[Given information Boundary: Start]

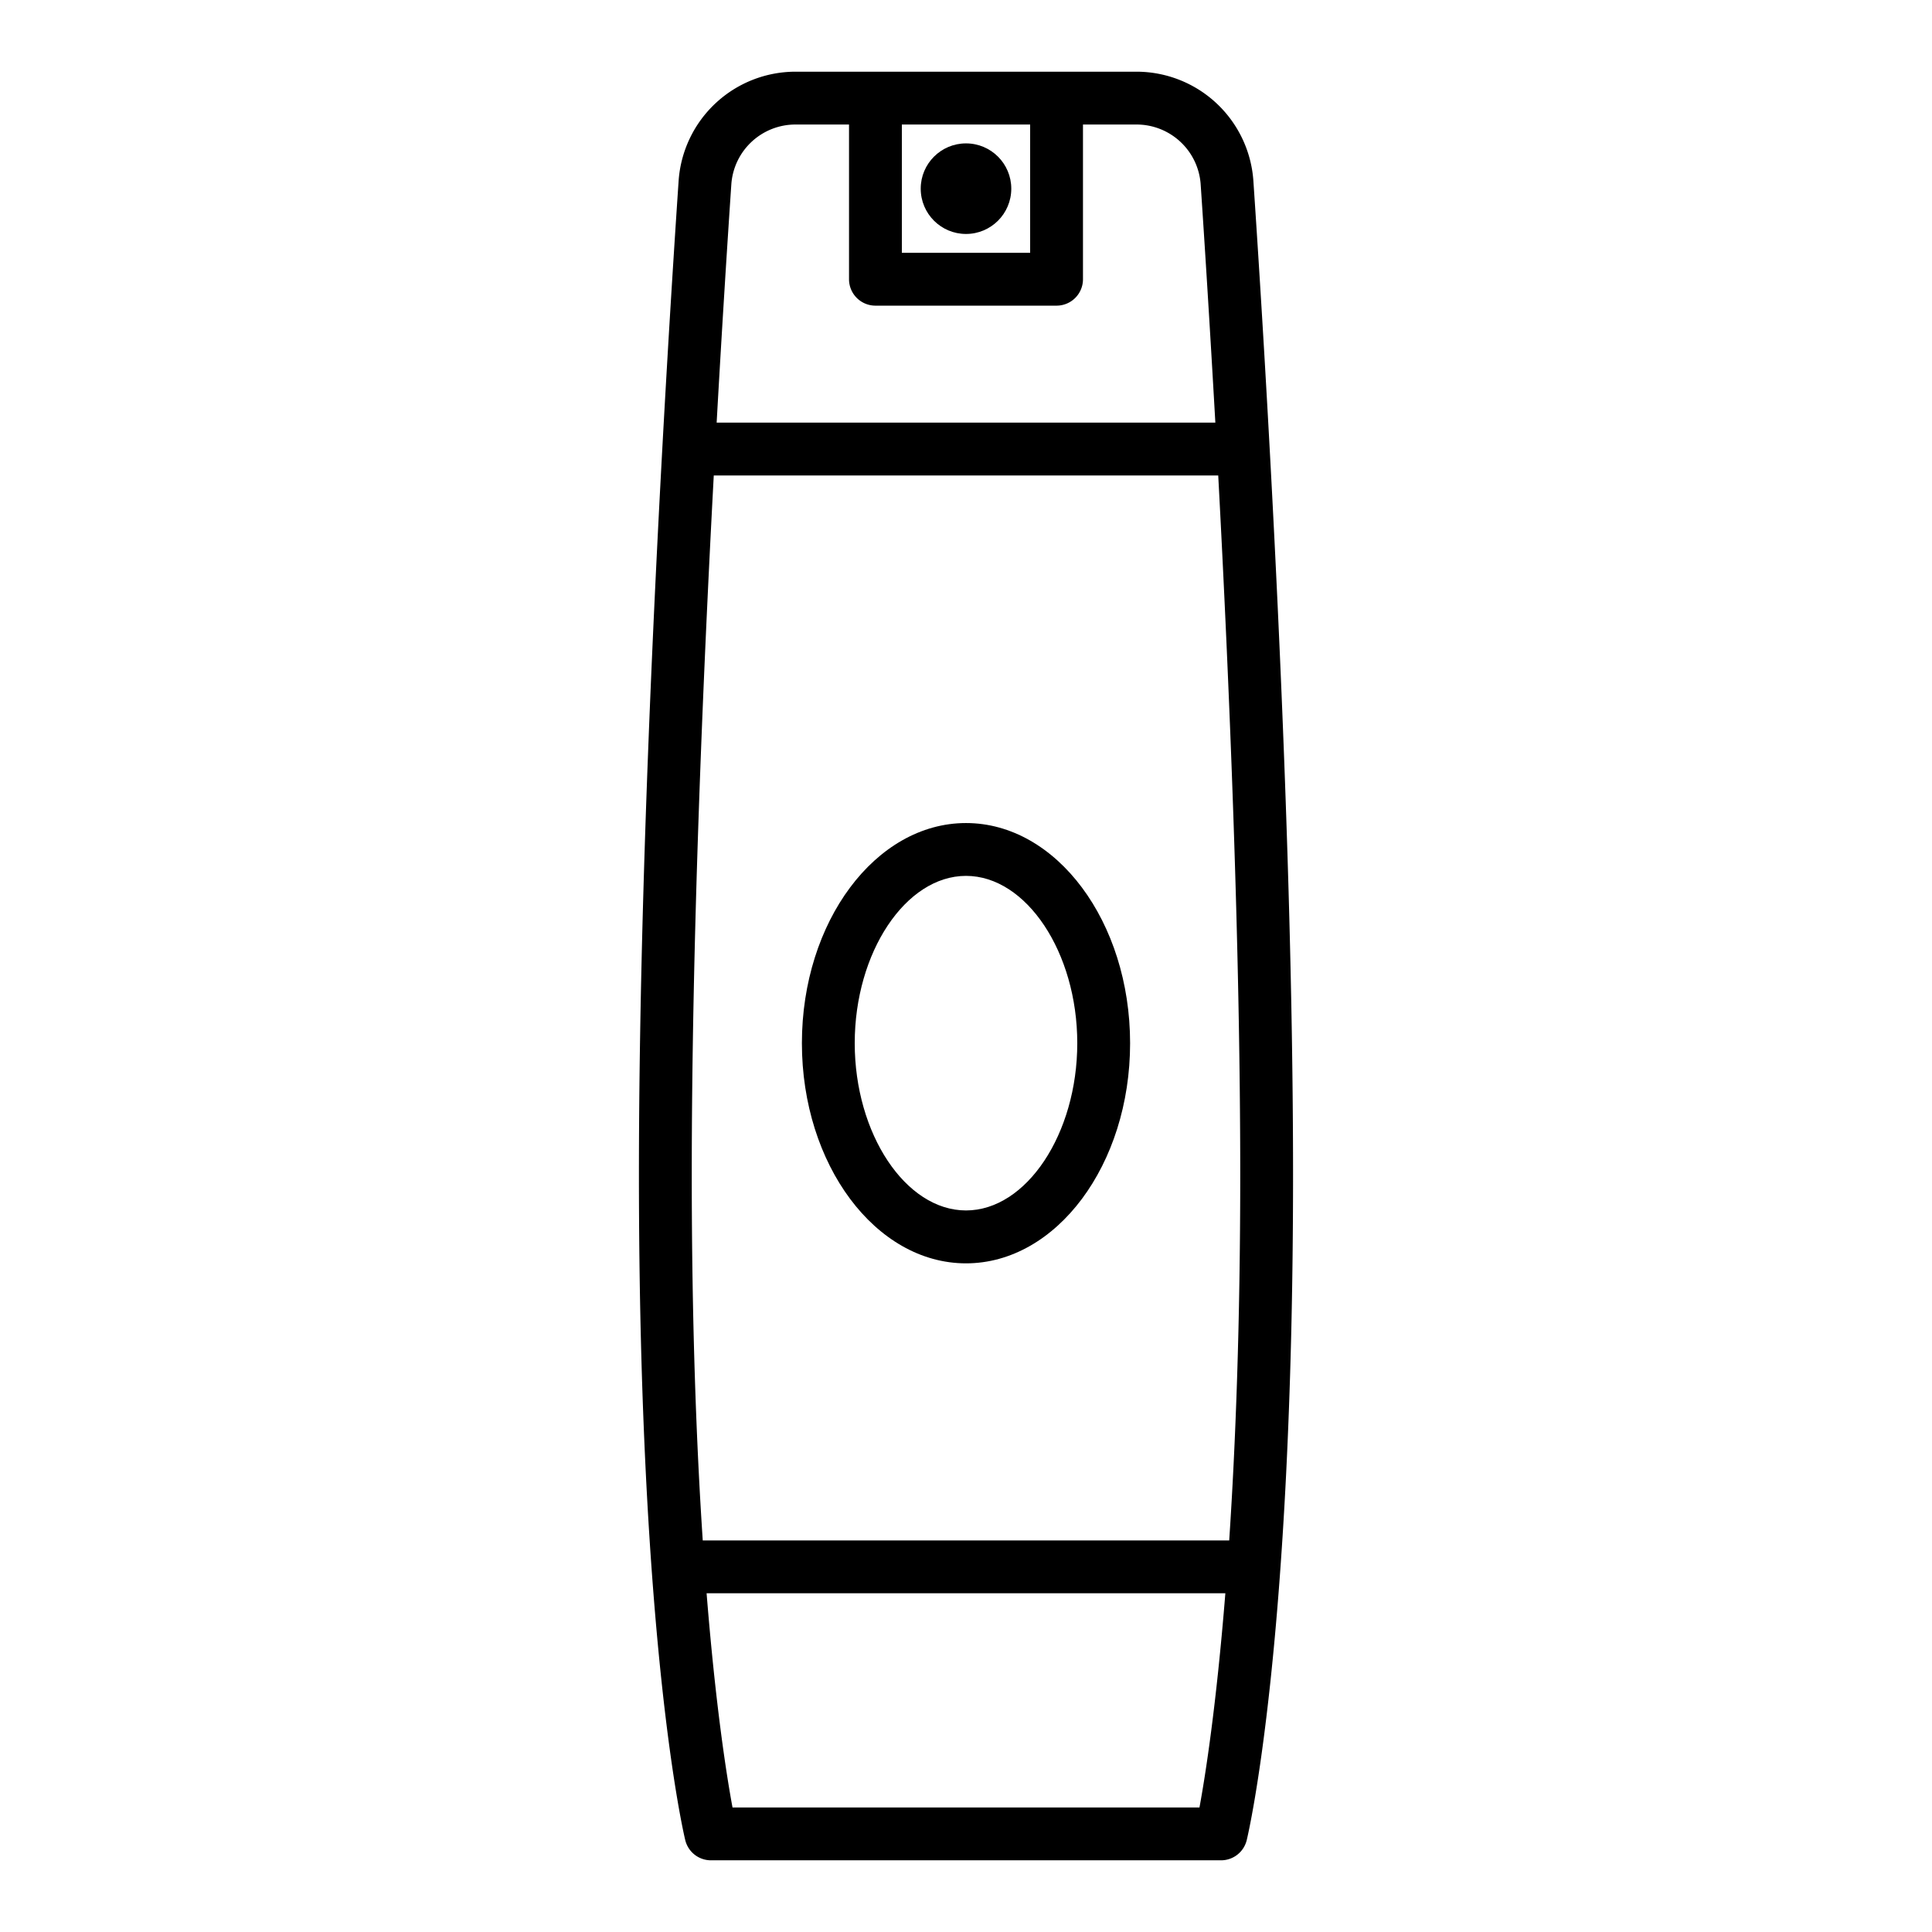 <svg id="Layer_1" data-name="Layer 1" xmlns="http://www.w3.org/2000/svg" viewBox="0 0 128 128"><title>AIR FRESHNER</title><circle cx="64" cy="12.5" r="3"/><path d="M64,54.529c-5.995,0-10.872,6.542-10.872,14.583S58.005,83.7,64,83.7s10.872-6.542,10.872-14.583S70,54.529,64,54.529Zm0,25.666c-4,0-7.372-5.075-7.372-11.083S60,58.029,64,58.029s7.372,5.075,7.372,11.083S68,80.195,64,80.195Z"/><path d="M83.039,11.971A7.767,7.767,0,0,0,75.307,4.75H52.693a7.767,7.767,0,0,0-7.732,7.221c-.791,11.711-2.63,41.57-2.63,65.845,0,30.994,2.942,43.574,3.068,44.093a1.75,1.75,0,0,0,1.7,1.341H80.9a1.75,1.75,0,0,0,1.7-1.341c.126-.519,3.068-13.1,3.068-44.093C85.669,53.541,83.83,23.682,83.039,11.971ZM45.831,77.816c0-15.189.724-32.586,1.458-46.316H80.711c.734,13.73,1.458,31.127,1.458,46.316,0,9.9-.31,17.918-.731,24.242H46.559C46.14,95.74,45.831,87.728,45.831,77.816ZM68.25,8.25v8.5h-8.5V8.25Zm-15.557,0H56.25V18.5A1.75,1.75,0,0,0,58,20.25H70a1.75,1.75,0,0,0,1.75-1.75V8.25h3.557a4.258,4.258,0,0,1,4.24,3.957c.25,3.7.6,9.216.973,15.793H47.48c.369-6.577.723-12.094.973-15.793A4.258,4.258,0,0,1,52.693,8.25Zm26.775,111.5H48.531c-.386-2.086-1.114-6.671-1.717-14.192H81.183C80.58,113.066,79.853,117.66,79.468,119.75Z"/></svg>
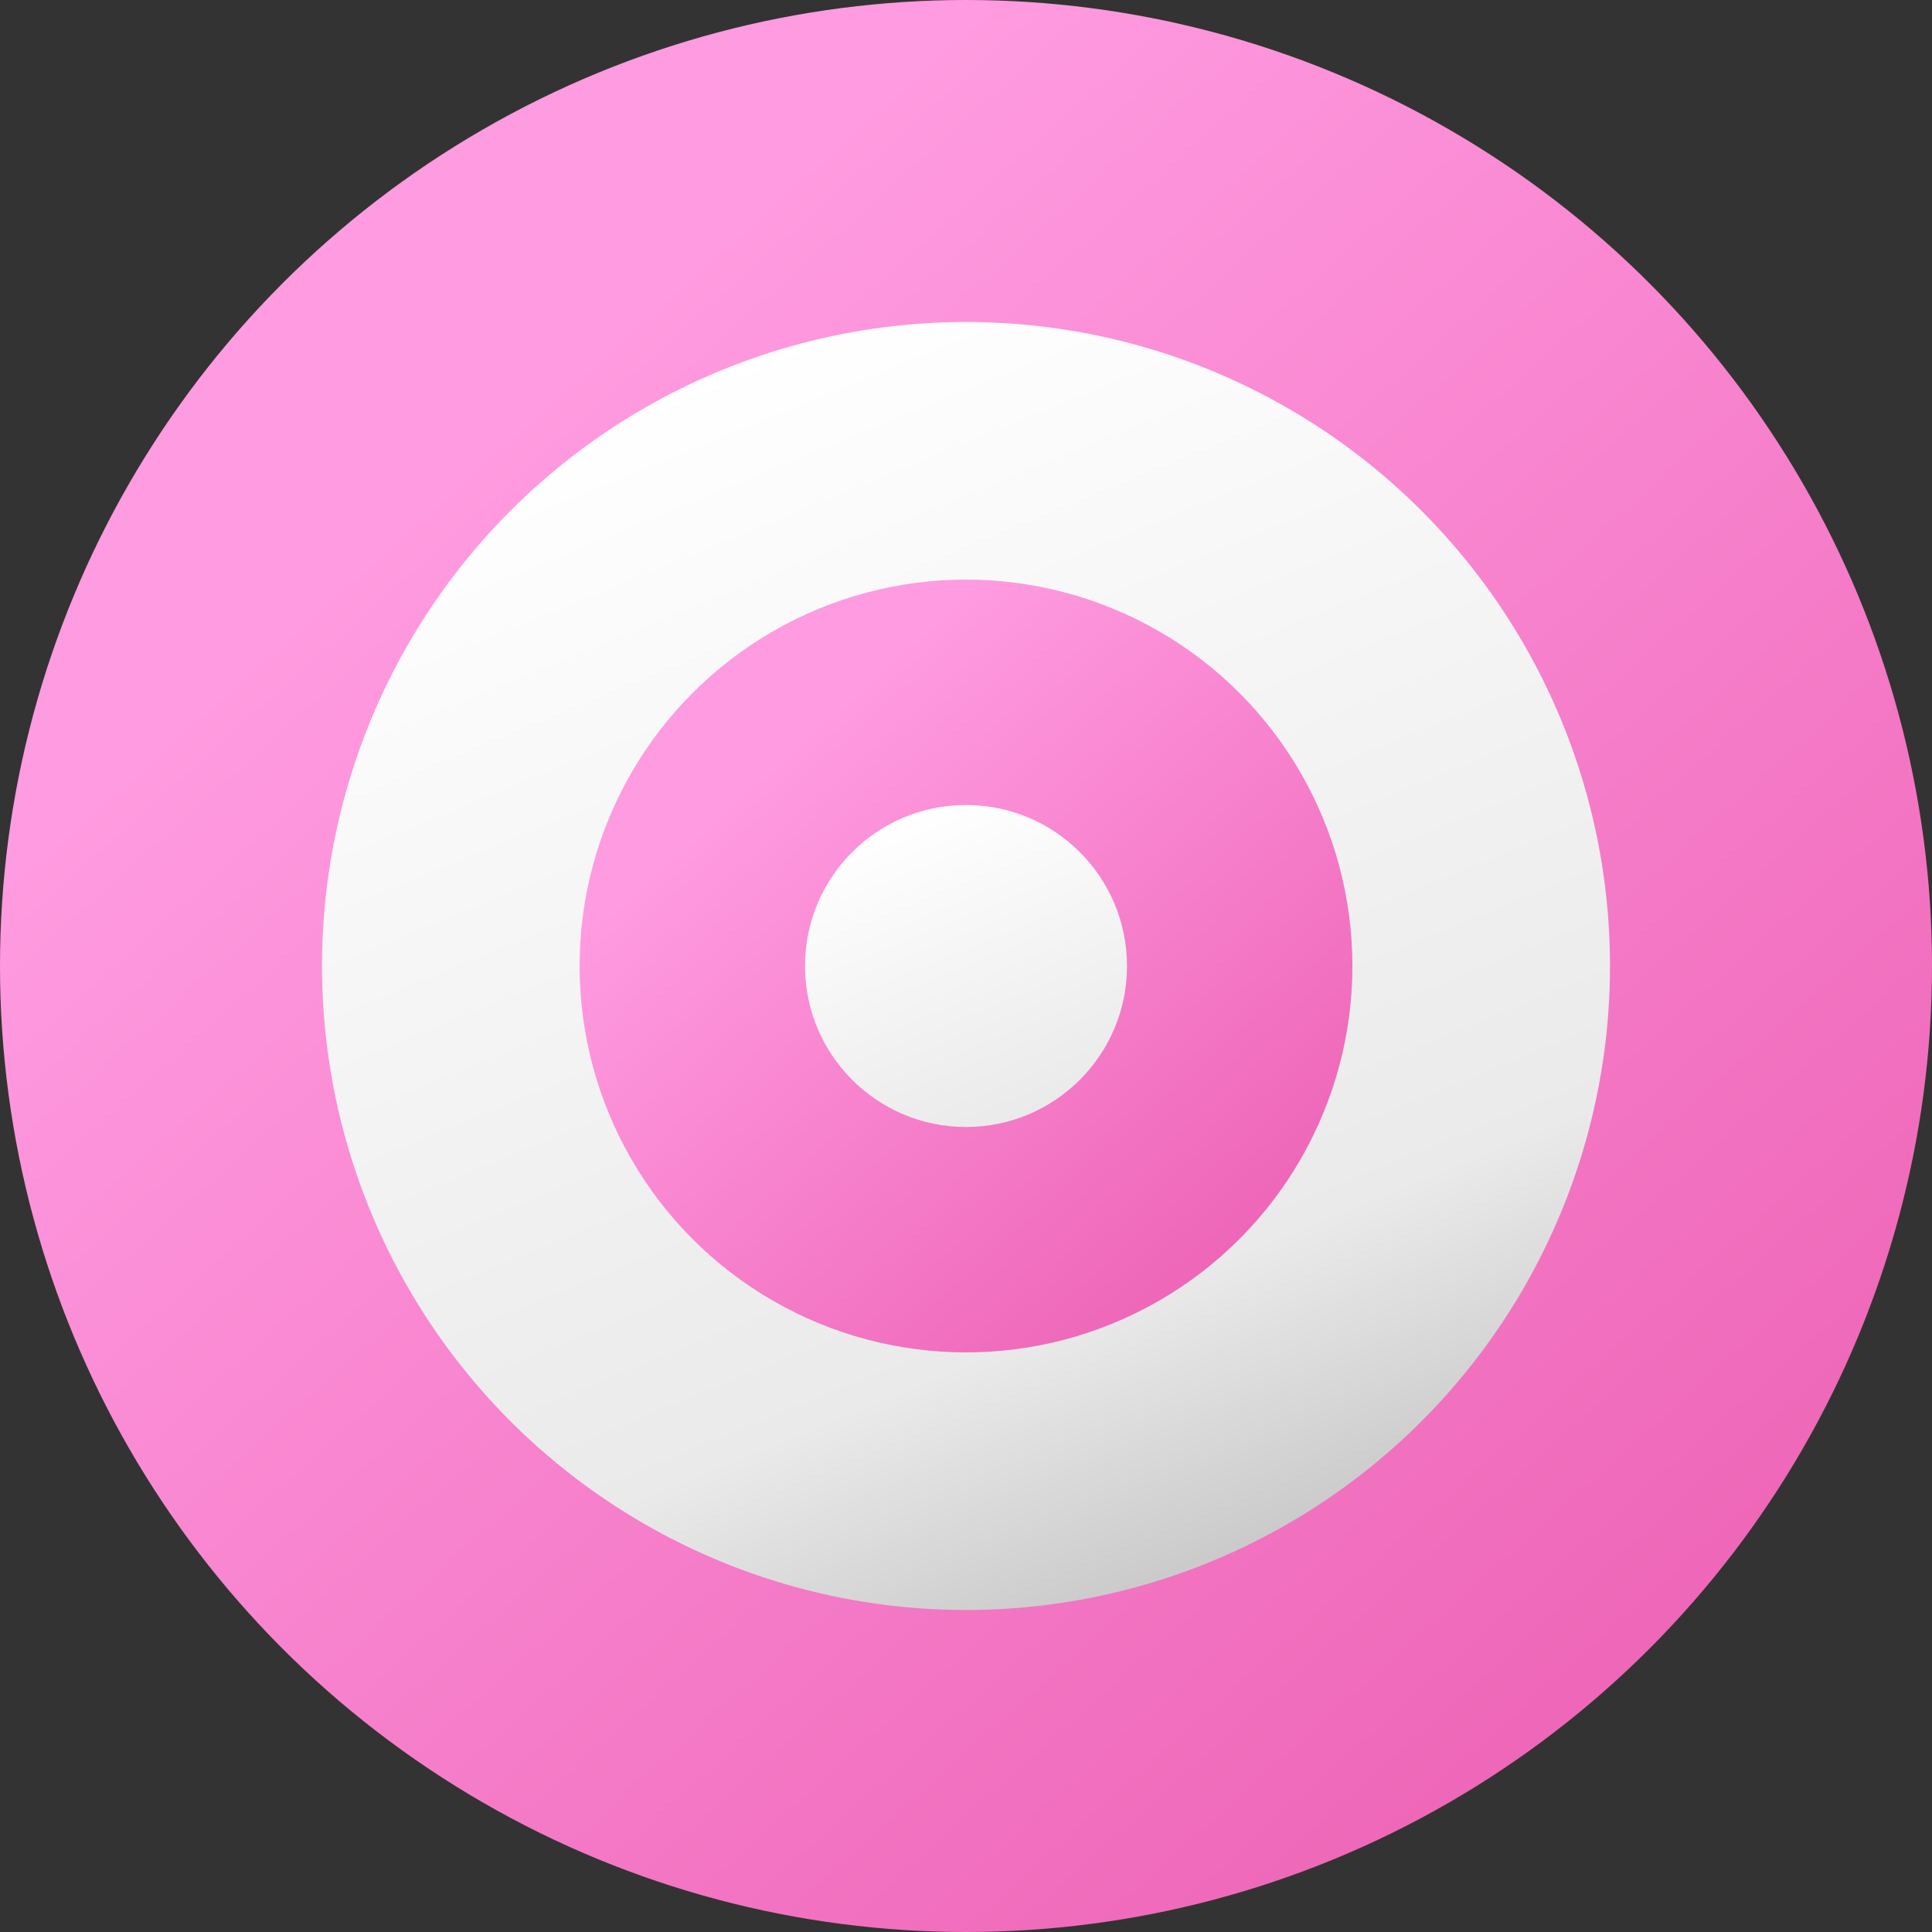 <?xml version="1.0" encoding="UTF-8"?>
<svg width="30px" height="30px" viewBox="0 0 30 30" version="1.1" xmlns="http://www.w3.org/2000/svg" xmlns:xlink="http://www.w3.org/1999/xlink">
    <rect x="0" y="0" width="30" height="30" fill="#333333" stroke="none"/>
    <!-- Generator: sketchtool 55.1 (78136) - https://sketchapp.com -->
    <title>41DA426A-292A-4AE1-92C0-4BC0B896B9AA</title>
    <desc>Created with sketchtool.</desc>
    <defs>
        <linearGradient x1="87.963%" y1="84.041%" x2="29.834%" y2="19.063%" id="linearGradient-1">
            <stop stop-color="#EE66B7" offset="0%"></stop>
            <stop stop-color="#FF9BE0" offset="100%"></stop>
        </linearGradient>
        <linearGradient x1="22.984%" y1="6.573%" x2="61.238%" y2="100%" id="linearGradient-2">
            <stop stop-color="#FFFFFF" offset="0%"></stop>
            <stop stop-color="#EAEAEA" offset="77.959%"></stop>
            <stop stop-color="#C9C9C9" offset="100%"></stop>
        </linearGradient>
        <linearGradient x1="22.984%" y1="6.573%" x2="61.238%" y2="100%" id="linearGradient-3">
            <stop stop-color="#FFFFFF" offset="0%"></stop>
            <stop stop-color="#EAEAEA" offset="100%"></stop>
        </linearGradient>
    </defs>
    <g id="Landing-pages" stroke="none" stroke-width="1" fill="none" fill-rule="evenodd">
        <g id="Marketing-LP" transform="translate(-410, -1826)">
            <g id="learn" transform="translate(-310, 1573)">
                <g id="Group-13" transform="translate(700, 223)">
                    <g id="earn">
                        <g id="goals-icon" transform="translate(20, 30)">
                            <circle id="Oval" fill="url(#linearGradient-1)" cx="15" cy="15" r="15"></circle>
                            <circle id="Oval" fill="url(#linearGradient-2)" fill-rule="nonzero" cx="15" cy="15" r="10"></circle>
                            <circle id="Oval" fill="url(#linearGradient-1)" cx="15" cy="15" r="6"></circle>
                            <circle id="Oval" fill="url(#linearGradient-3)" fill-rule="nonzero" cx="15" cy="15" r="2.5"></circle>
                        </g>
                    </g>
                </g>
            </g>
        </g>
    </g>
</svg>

[Given information Boundary: End]

§ What you need to do
The answer must be every line of the data that contains the word "transform".

§ Problem solution
        <g id="Marketing-LP" transform="translate(-410, -1826)">
            <g id="learn" transform="translate(-310, 1573)">
                <g id="Group-13" transform="translate(700, 223)">
                        <g id="goals-icon" transform="translate(20, 30)">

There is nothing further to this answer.